For Meriden, N.H., native Kalin Gregory-Davis, Match Day represents a major step toward her goal of becoming an obstetrician/gynecologist. Born at home, she studied midwifery and practiced as a licensed birth doula prior to starting medical school. That work helped her realize that, “I wanted to be able to provide for patients across the entire spectrum of pregnancy … and in the location – home, hospital, birth center, or clinic – that felt best for their bodies and lives,” she says. During medical school, she completed a Schweitzer Fellowship project with a Vermont Law School student that involved collecting Vermonters’ reproductive health stories in support of Proposition 5, the Reproductive Liberty Amendment to the Vermont constitution. She also spent a year embedded in a Central Vermont Medical Center-affiliated primary care practice, and had the opportunity to follow a patient through her entire pregnancy, birth, and post-partum period. “The experience deeply shaped how I understand intersections of healthcare, social work, home health, and mental health support during reproductive experiences,” she explains. Kalin announced her Match to a residency at Brown University/Women & Infants Hospital of Rhode Island accompanied by her girlfriend, sister, and brother.

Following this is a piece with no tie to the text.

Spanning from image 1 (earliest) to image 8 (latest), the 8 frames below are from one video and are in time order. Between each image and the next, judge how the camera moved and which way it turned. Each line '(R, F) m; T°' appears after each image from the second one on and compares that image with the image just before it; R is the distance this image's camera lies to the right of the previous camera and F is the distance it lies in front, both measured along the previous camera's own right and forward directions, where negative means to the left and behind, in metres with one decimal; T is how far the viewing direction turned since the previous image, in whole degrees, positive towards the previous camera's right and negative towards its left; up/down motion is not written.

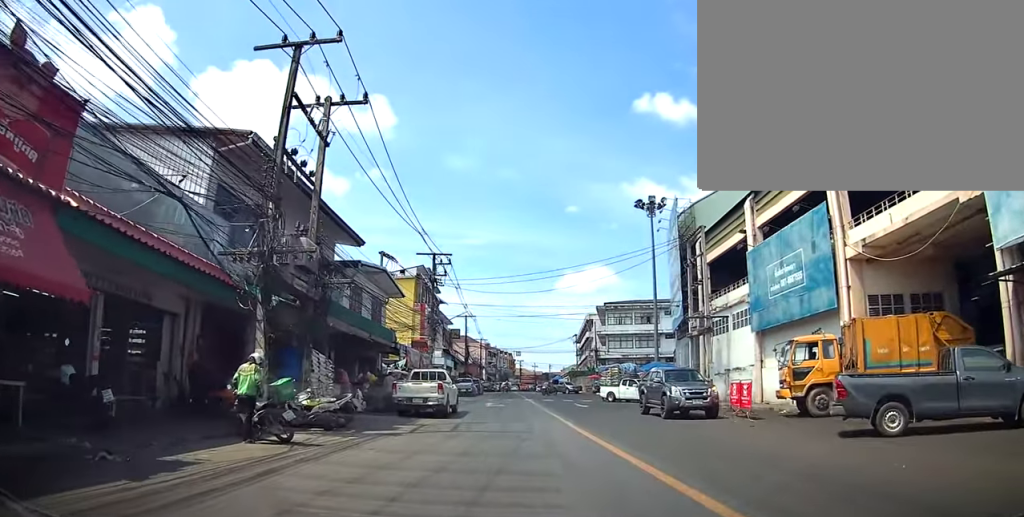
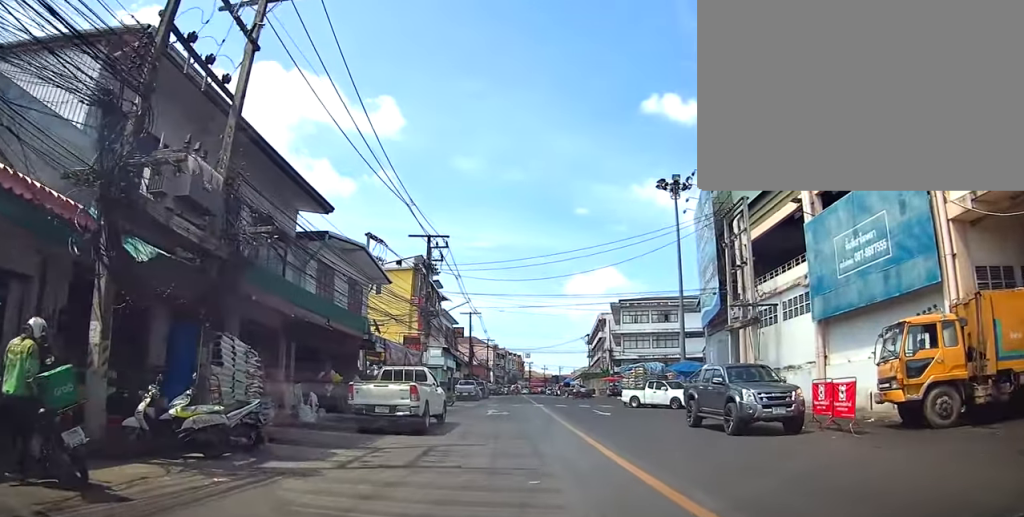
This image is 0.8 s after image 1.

Class of 2022 medical student Prasanna Kumar had his significant other, Neha – also a graduating medical student, but at Rutgers Robert Wood Johnson Medical School in New Jersey – at his side when they both announce their couples match. The pair met through a chemistry course as undergraduates at the University of North Carolina at Chapel Hill. For Prasanna, who was raised in Santa Barbara, Calif., and Atlanta, Ga., a ninth grade sports medicine course sparked his interest in medical school and caring for patients. His interest grew in college when he volunteered with patients and families affected by developmental disorders. Both he and Neha have developed a passion for global health. In college, Neha studied in Chile and interacted with health care professionals, and through the Larner College of Medicine’s Global Health Program, Prasanna spent six weeks in the Dominican Republic. “[This] allowed me to understand and learn about another country’s healthcare system,” Prasanna says, adding that he also benefited from working with migrant farmworkers in rural Vermont as part of a team providing vaccinations and basic primary care. Neha has worked at Rutgers’ student-run Promise Clinic, which serves Spanish-speaking and uninsured patients, and with other communities in need. Prasanna and Neha will be doing residencies in emergency medicine and internal medicine, respectively, at Brown University/Rhode Island Hospital.

San Francisco, Calif.-area native Malla Keefe set her sights on a medical career after work experiences in clinic with patients with chronic pain, in clinical research, and as a scribe at University of California, San Francisco Medical Center. “I got to witness the unique intimacy of the patient-provider relationship and realized that was something special that I wanted to be a part of,” she says. Malla found her one-year-long clerkship at Hudson Headwaters Health Network in Glens Falls, N.Y. (a former clinical training site for Larner), to be the most influential experience of her medical school journey. “The long-term relationships with patients and preceptors, the practice environment, and the community are what led me to choose to pursue practicing rural family medicine,” she says. Malla and her partner, Jordan Munger, a UVM undergrad alum, native of Stow, Mass., who is also a member of the Larner Class of 2022, matched to family medicine and psychiatry residencies, respectively, in Boise, Idaho.  

Several UVM Larner College of Medicine students, including those in the military, learned of their residency match locations through early matches outside of the NRMP. Members of the Class of 2022 will receive their medical degrees on May 22, 2022.